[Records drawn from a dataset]

=== Begin Enclosure ===

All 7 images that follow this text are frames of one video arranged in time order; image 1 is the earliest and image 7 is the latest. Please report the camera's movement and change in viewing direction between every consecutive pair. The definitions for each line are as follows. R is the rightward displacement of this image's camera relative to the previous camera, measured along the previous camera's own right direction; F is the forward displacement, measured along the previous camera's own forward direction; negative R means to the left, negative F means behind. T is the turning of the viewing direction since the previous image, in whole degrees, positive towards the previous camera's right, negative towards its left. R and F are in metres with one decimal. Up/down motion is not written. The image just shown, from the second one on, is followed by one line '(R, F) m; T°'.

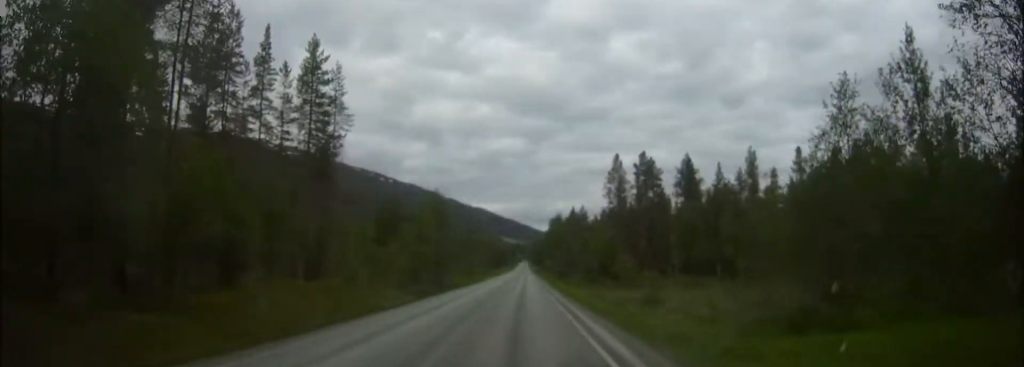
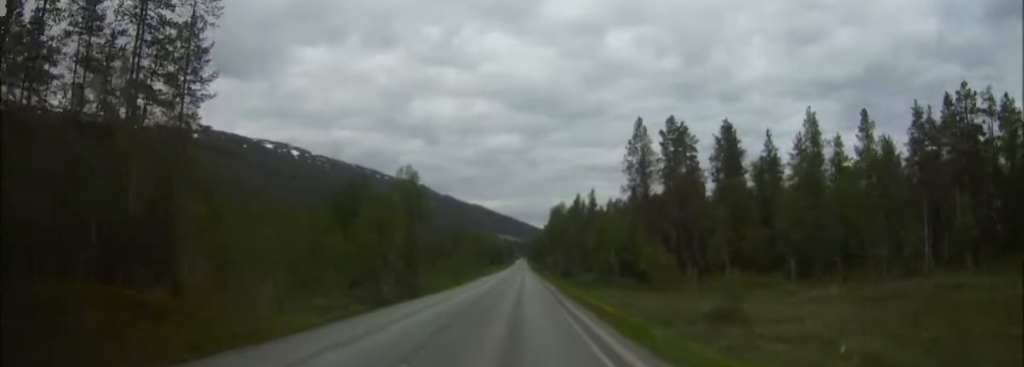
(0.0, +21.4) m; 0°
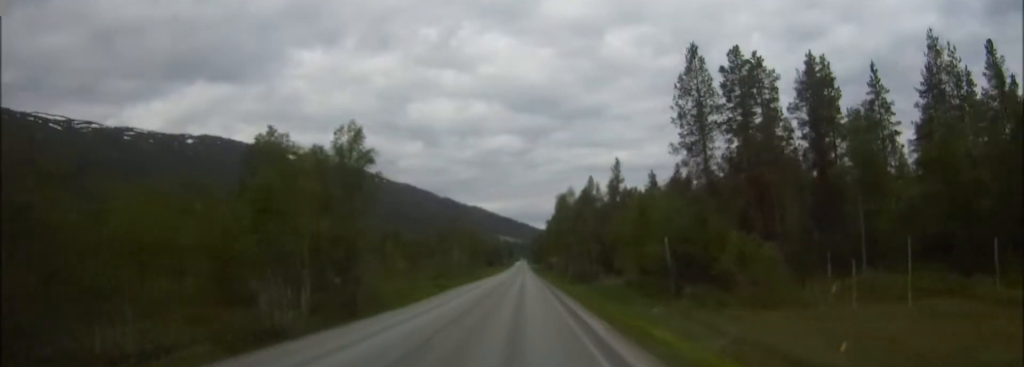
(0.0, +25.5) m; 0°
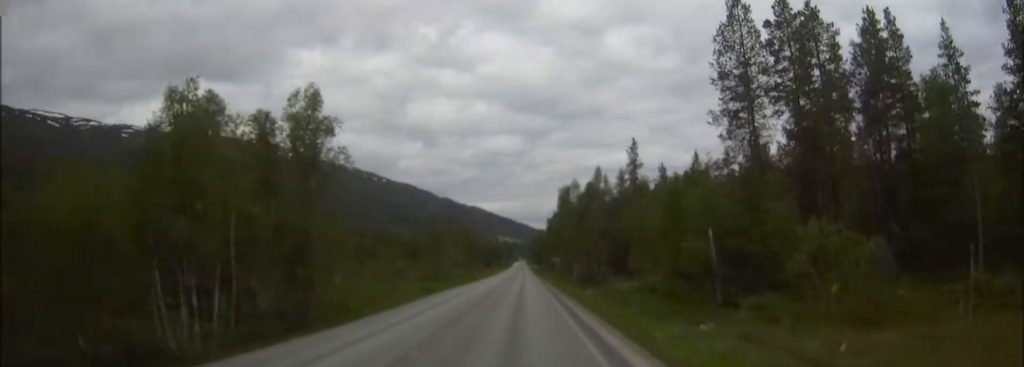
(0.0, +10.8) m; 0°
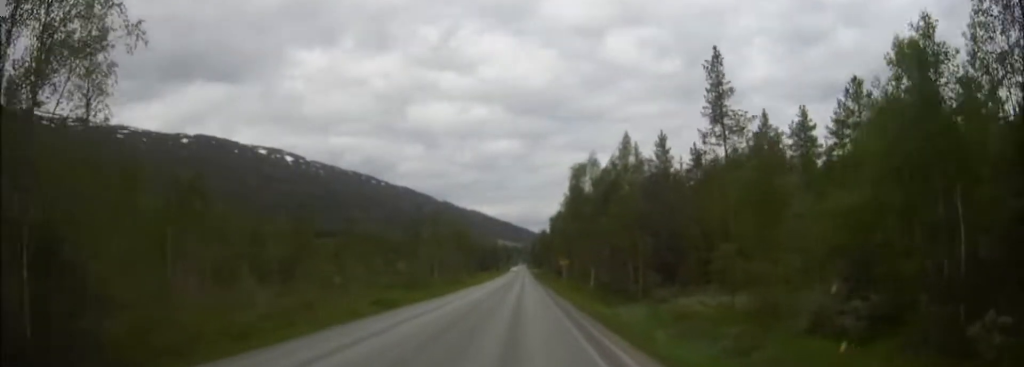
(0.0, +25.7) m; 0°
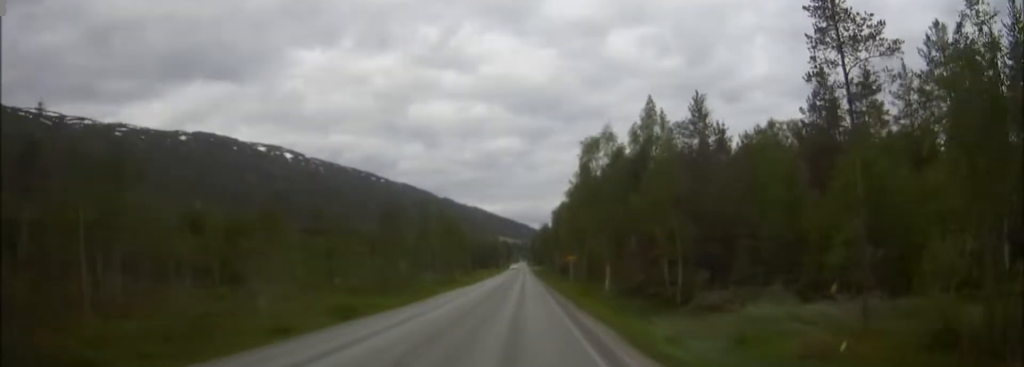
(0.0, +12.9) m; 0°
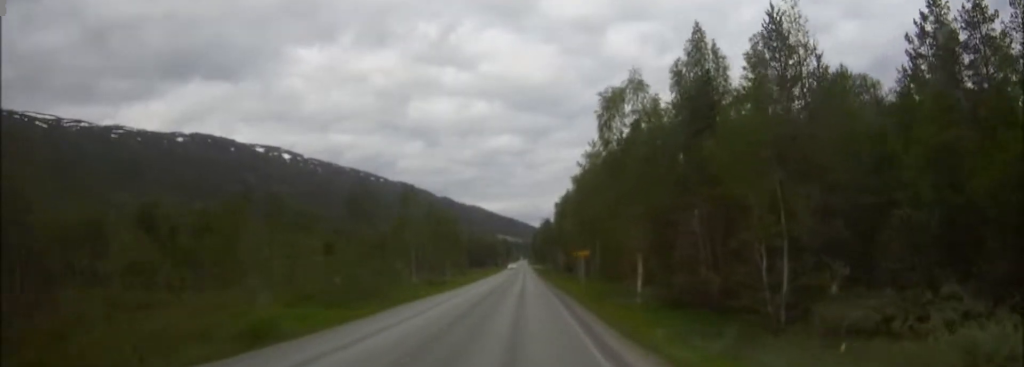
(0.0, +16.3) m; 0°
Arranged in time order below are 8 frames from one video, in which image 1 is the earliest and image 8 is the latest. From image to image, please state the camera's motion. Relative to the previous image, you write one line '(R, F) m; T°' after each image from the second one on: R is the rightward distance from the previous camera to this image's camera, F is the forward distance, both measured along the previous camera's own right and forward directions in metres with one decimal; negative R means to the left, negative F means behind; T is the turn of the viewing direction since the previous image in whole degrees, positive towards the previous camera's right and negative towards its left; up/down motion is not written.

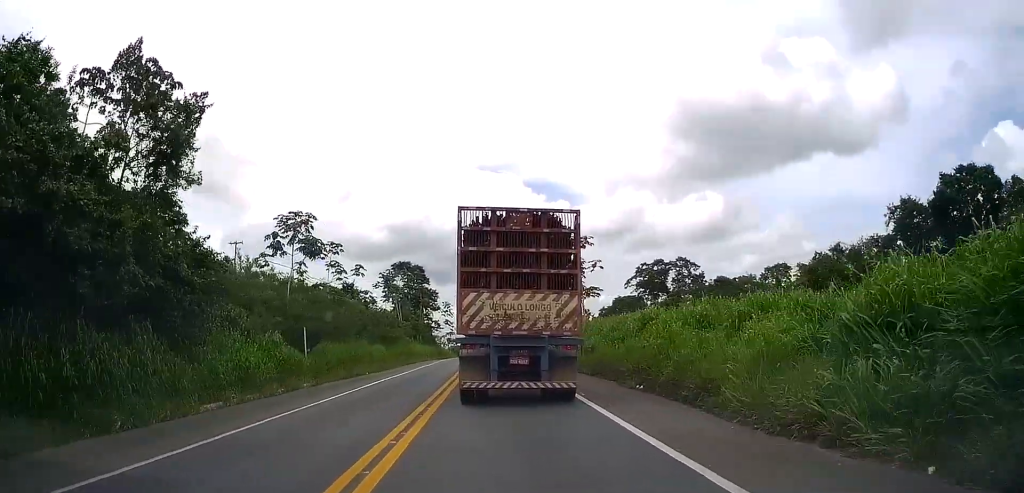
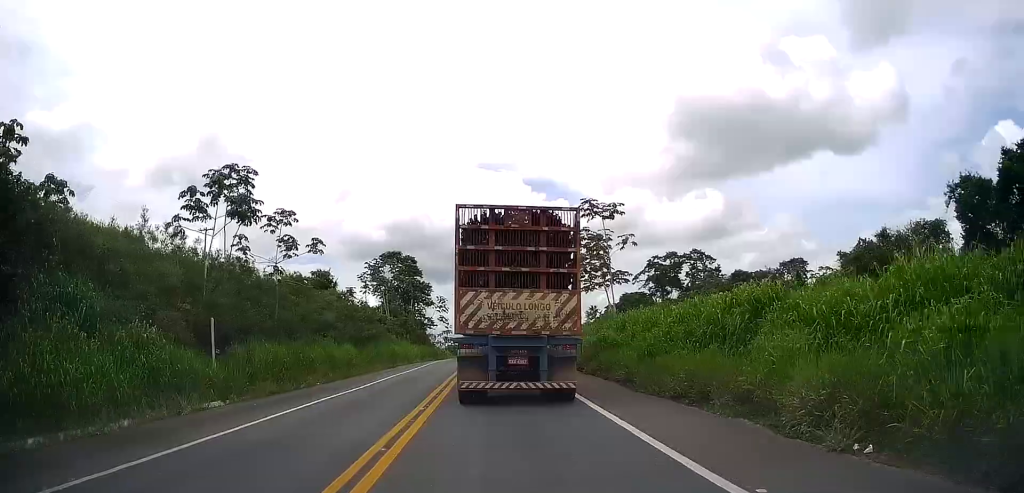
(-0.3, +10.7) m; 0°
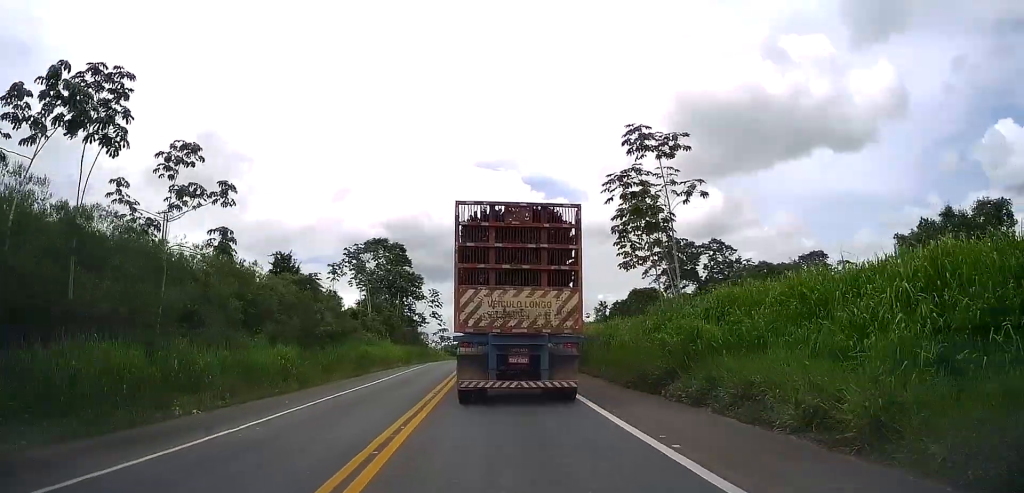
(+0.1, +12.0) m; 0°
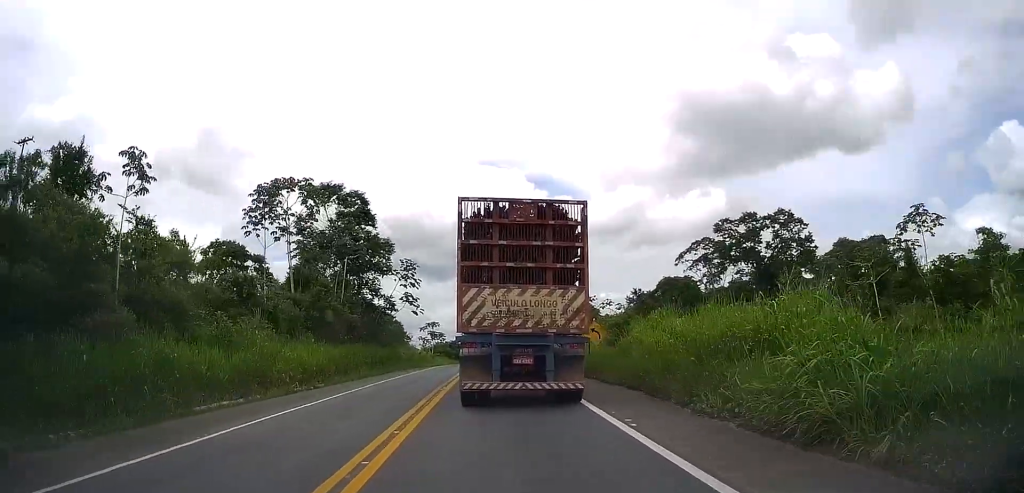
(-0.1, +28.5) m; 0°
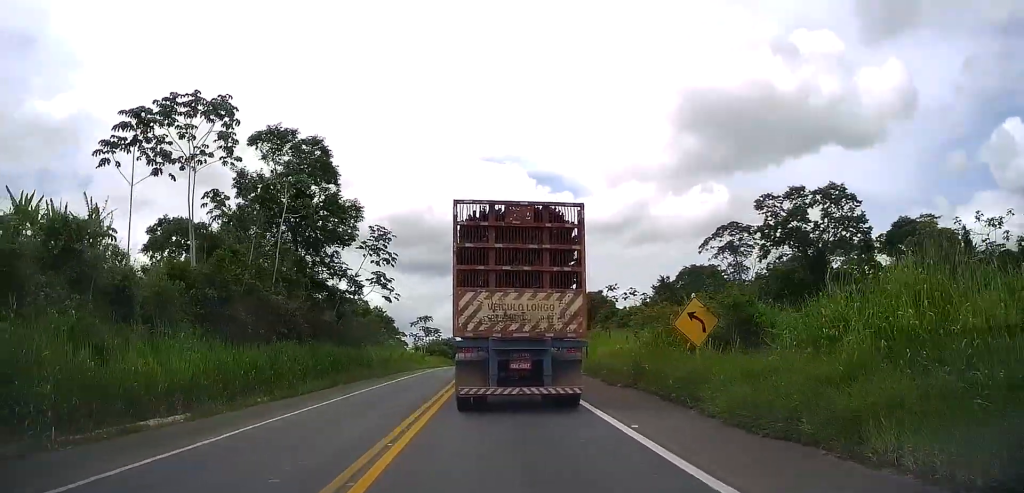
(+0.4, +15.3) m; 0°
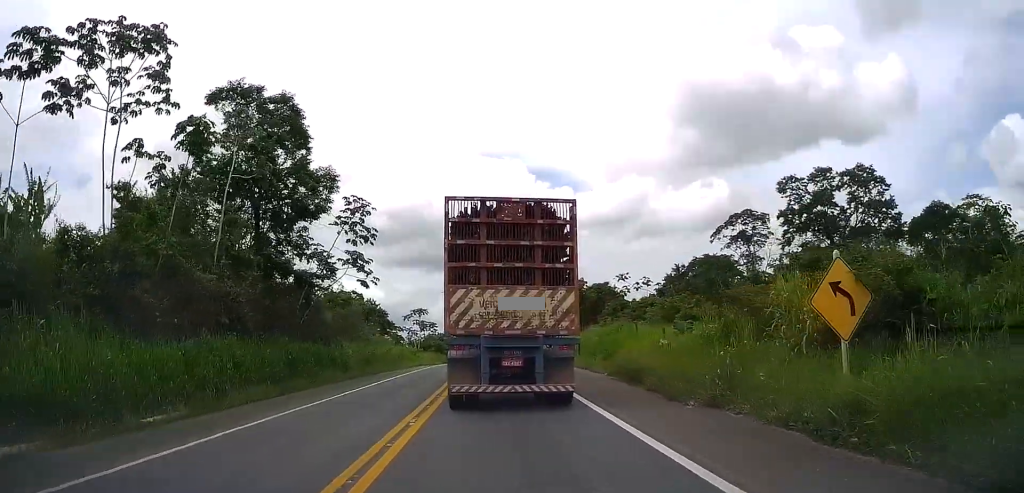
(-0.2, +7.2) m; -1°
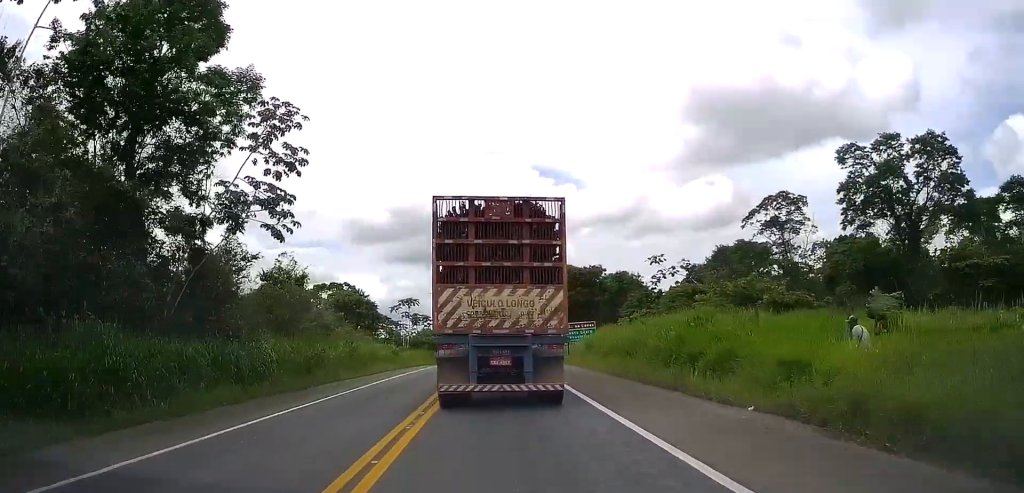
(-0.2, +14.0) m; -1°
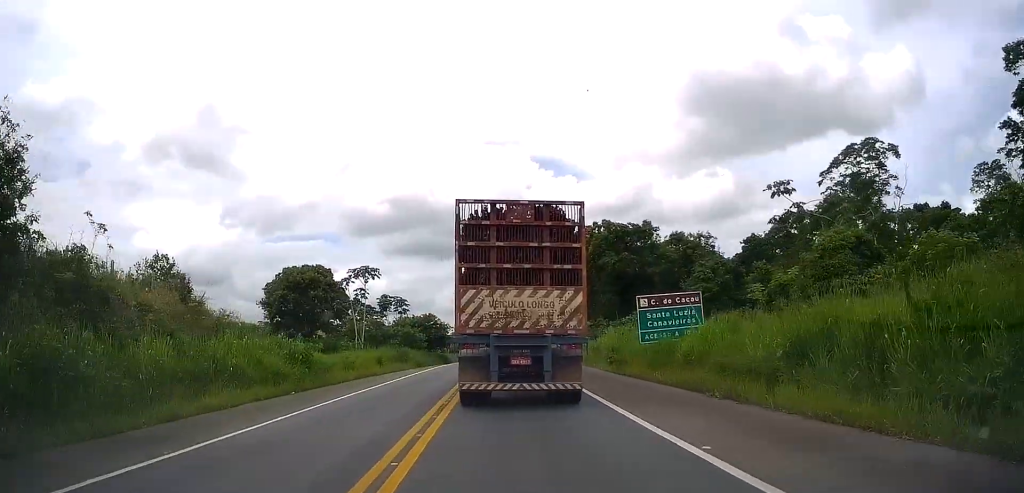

=== End Enclosure ===

--- AIM OF THE EXERCISE ---
Can you retype every record above exactly, leaving out the pictures?

--- ANSWER TO THE PROBLEM ---
All 7 images that follow this text are frames of one video arranged in time order; image 1 is the earliest and image 7 is the latest. Please report the camera's movement and change in viewing direction between every consecutive pair. The definitions for each line are as follows. R is the rightward displacement of this image's camera relative to the previous camera, measured along the previous camera's own right direction; F is the forward displacement, measured along the previous camera's own forward direction; negative R means to the left, negative F means behind. T is the turning of the viewing direction since the previous image, in whole degrees, positive towards the previous camera's right, negative towards its left. R and F are in metres with one decimal. Up/down motion is not written. The image just shown, from the second one on, is followed by one line '(R, F) m; T°'.

(0.0, +21.4) m; 0°
(0.0, +25.5) m; 0°
(0.0, +10.8) m; 0°
(0.0, +25.7) m; 0°
(0.0, +12.9) m; 0°
(0.0, +16.3) m; 0°
Arranged in time order below are 8 frames from one video, in which image 1 is the earliest and image 8 is the latest. From image to image, please state the camera's motion. Relative to the previous image, you write one line '(R, F) m; T°' after each image from the second one on: R is the rightward distance from the previous camera to this image's camera, F is the forward distance, both measured along the previous camera's own right and forward directions in metres with one decimal; negative R means to the left, negative F means behind; T is the turn of the viewing direction since the previous image in whole degrees, positive towards the previous camera's right and negative towards its left; up/down motion is not written.

(-0.3, +10.7) m; 0°
(+0.1, +12.0) m; 0°
(-0.1, +28.5) m; 0°
(+0.4, +15.3) m; 0°
(-0.2, +7.2) m; -1°
(-0.2, +14.0) m; -1°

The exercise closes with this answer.